***** Information provided
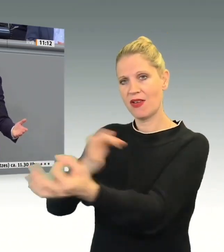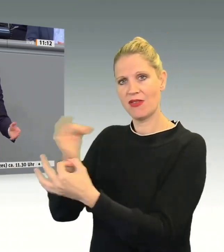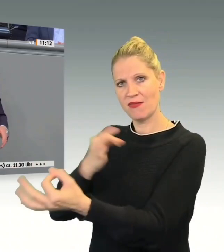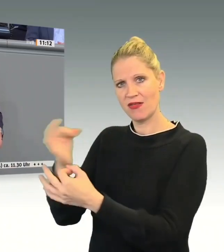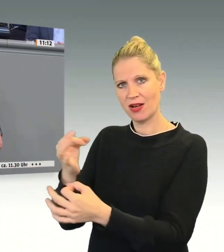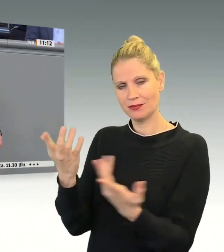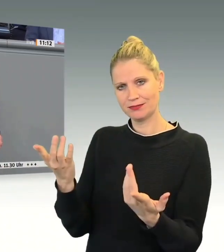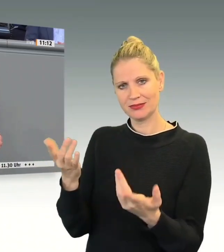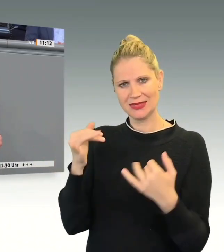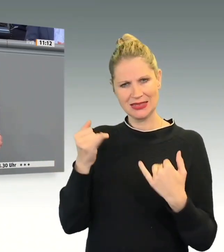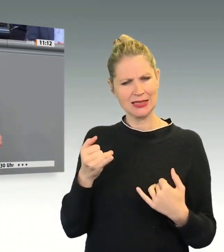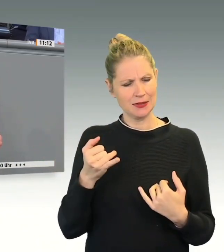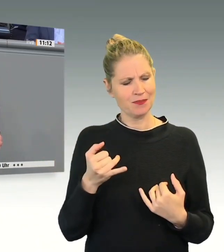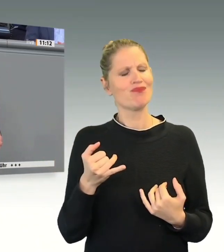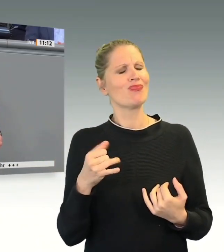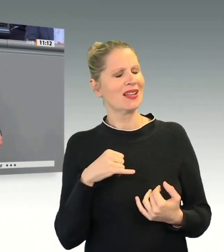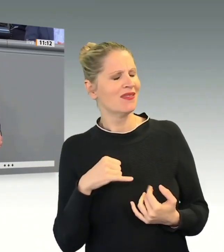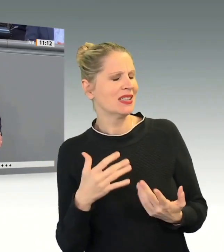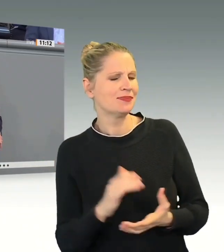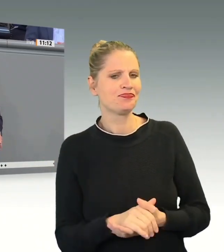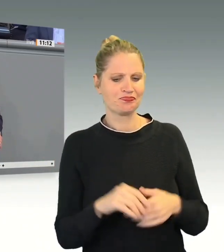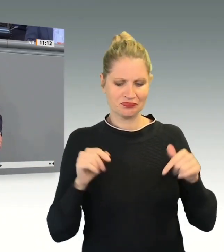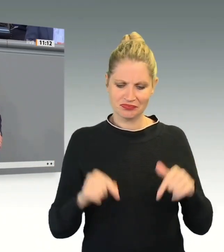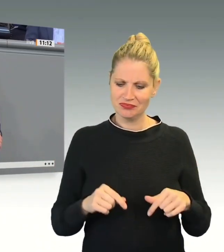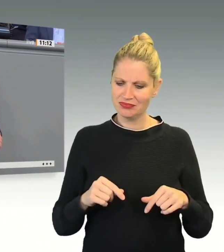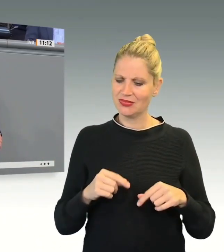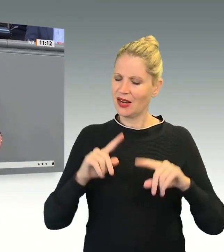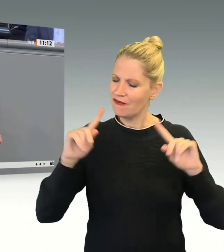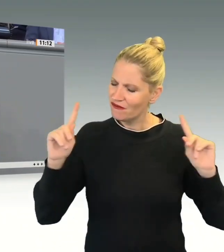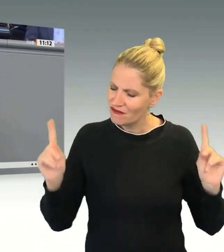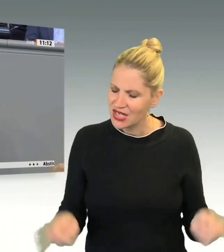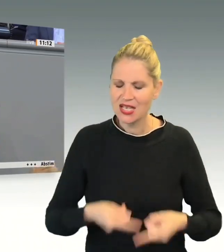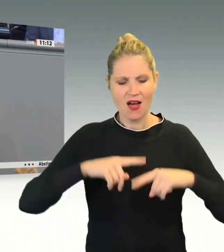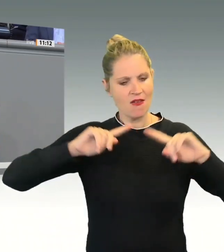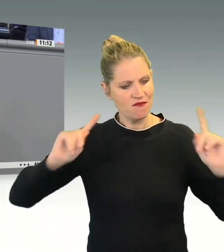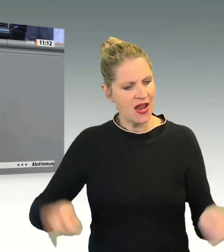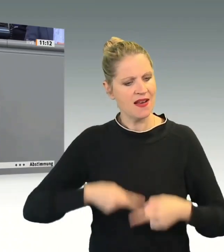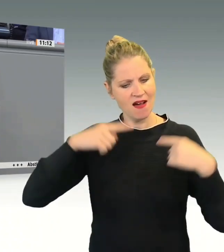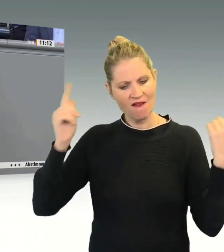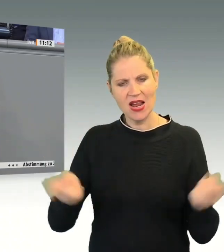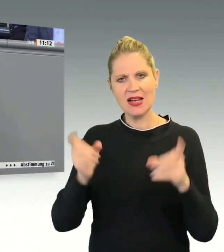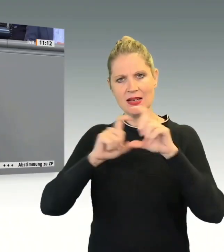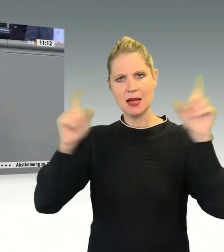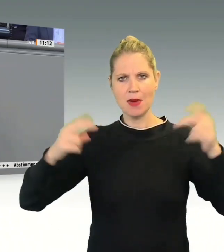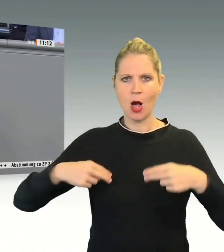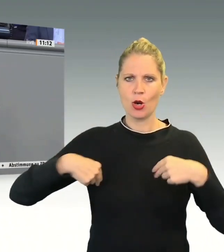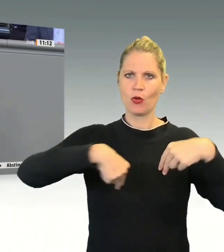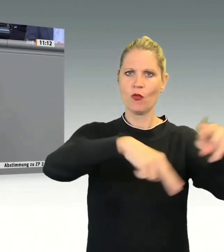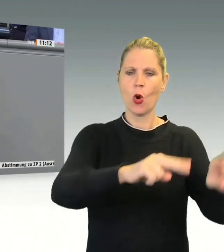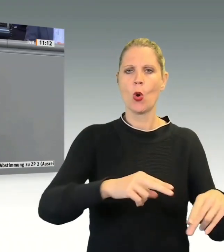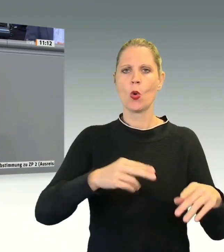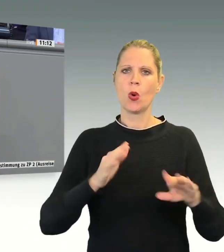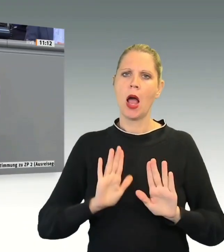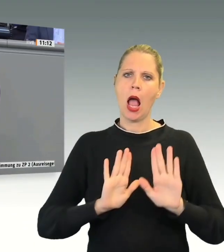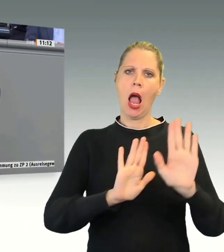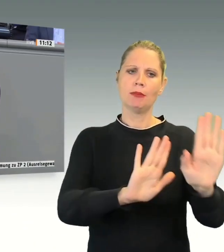dass Sie hier wieder besseren Wissens wiederholt und konsequent das Thema Rückführung und Abschiebung immer in
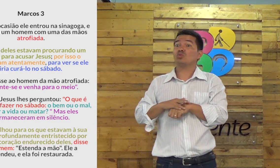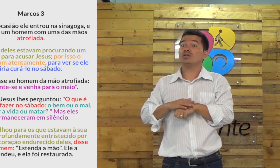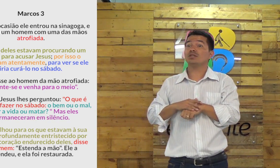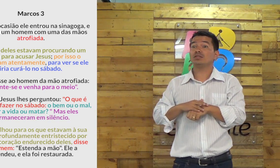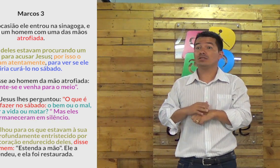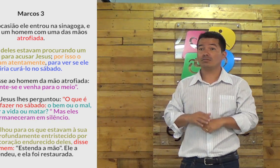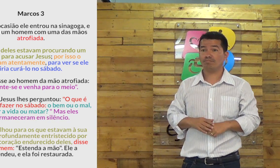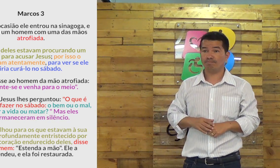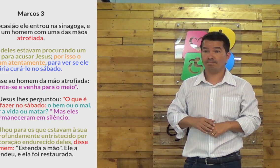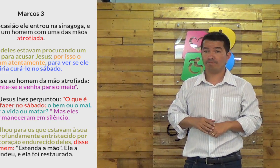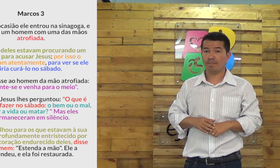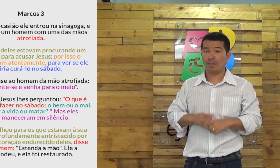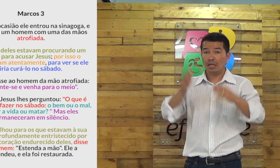Talvez ele estivesse doente.
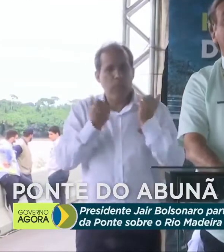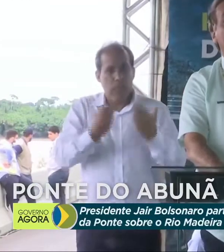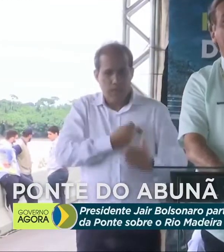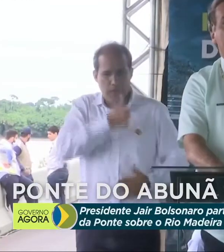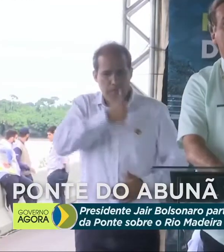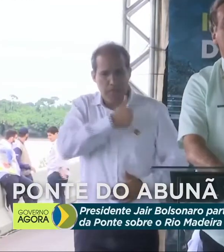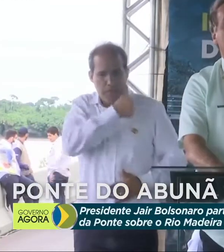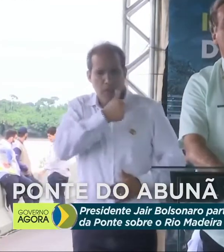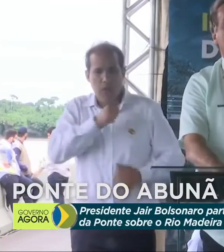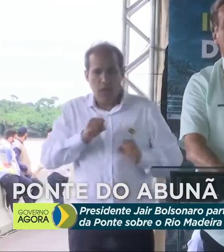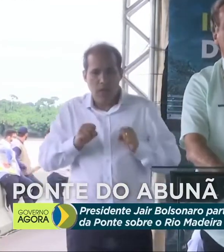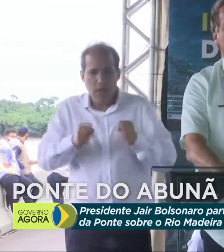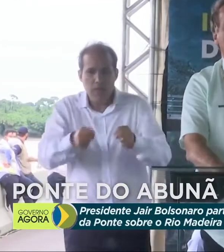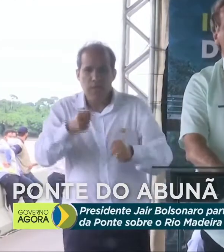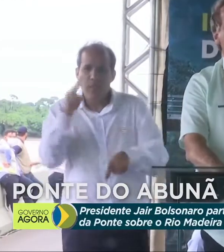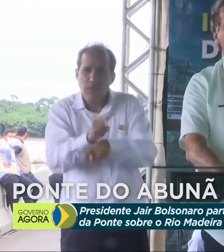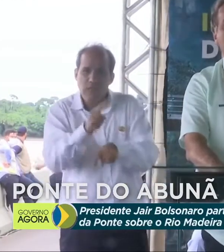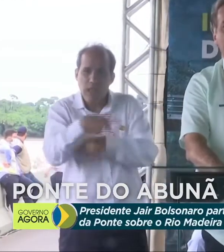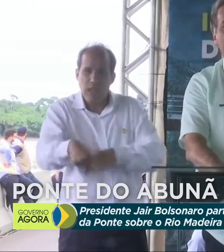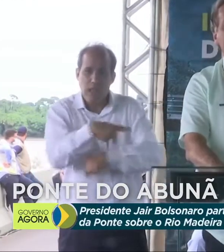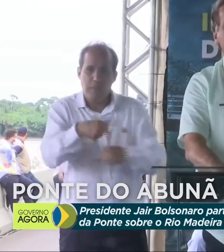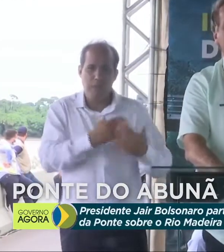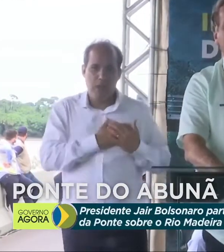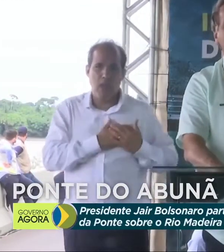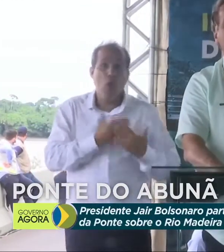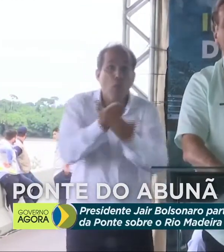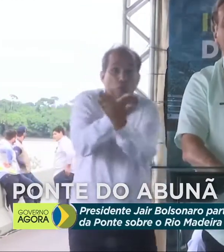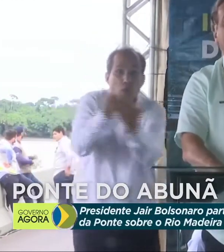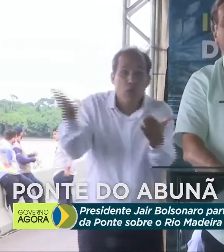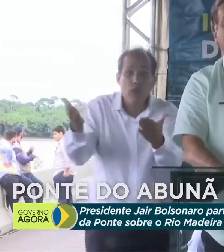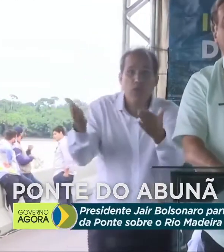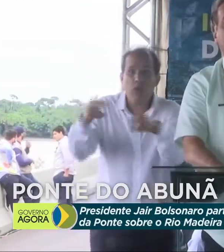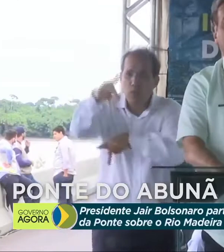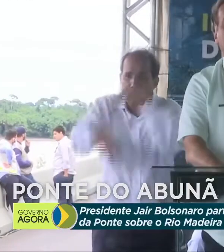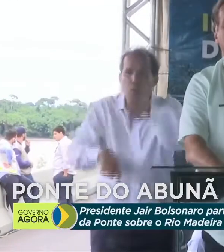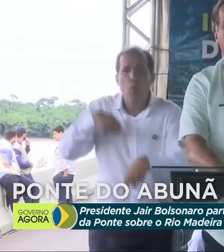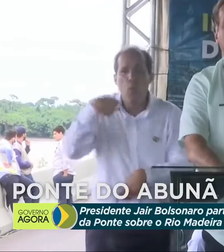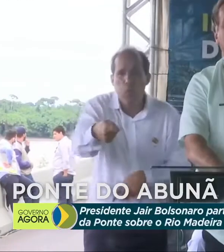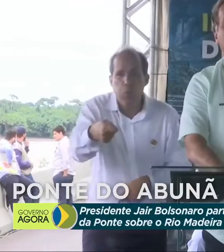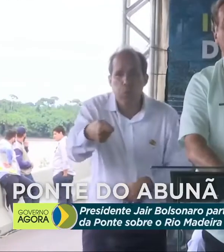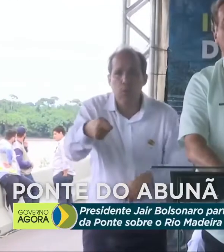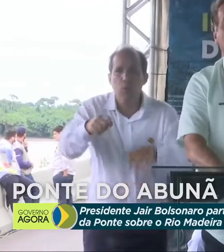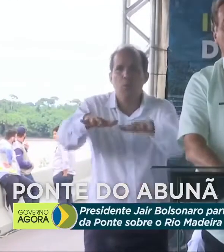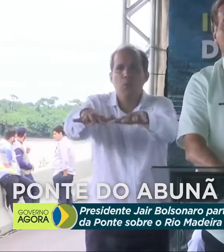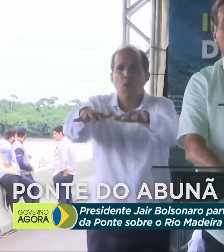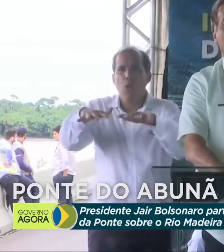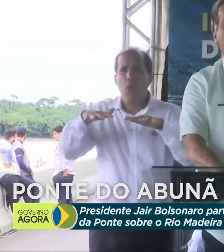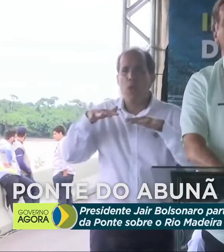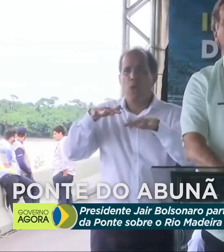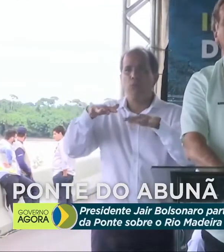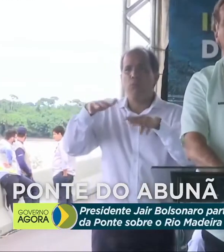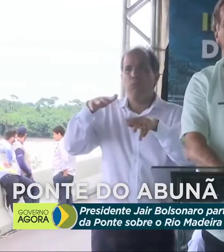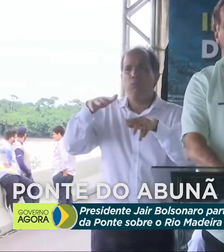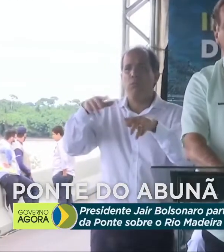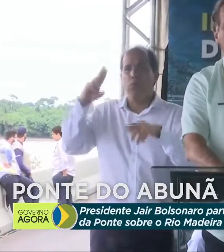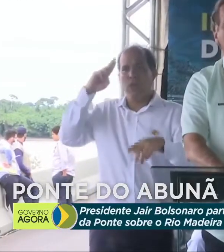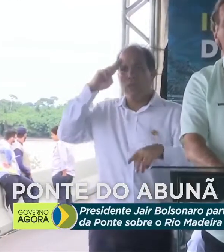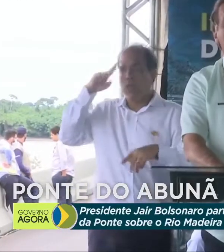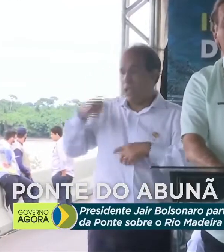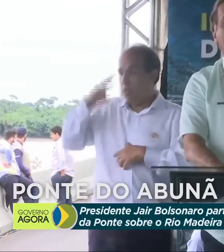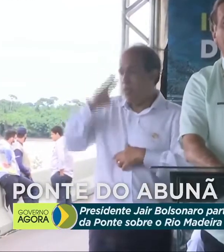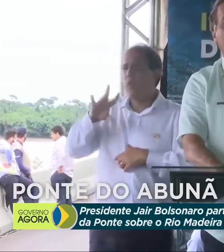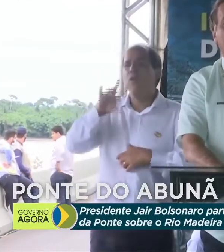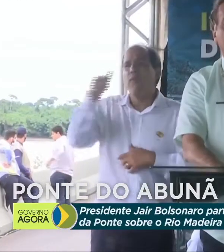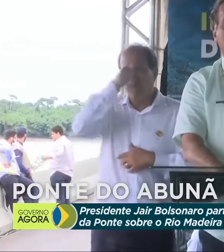vocês, que são o grande Exército brasileiro, farão tudo até a própria vida
**********
### Problem
Without any pictures, restate word for word only the lines from the one with "Talvez ele estivesse doente." through the end of the listing.

### Reply to the task
Talvez ele estivesse doente.
vocês, que são o grande Exército brasileiro, farão tudo até a própria vida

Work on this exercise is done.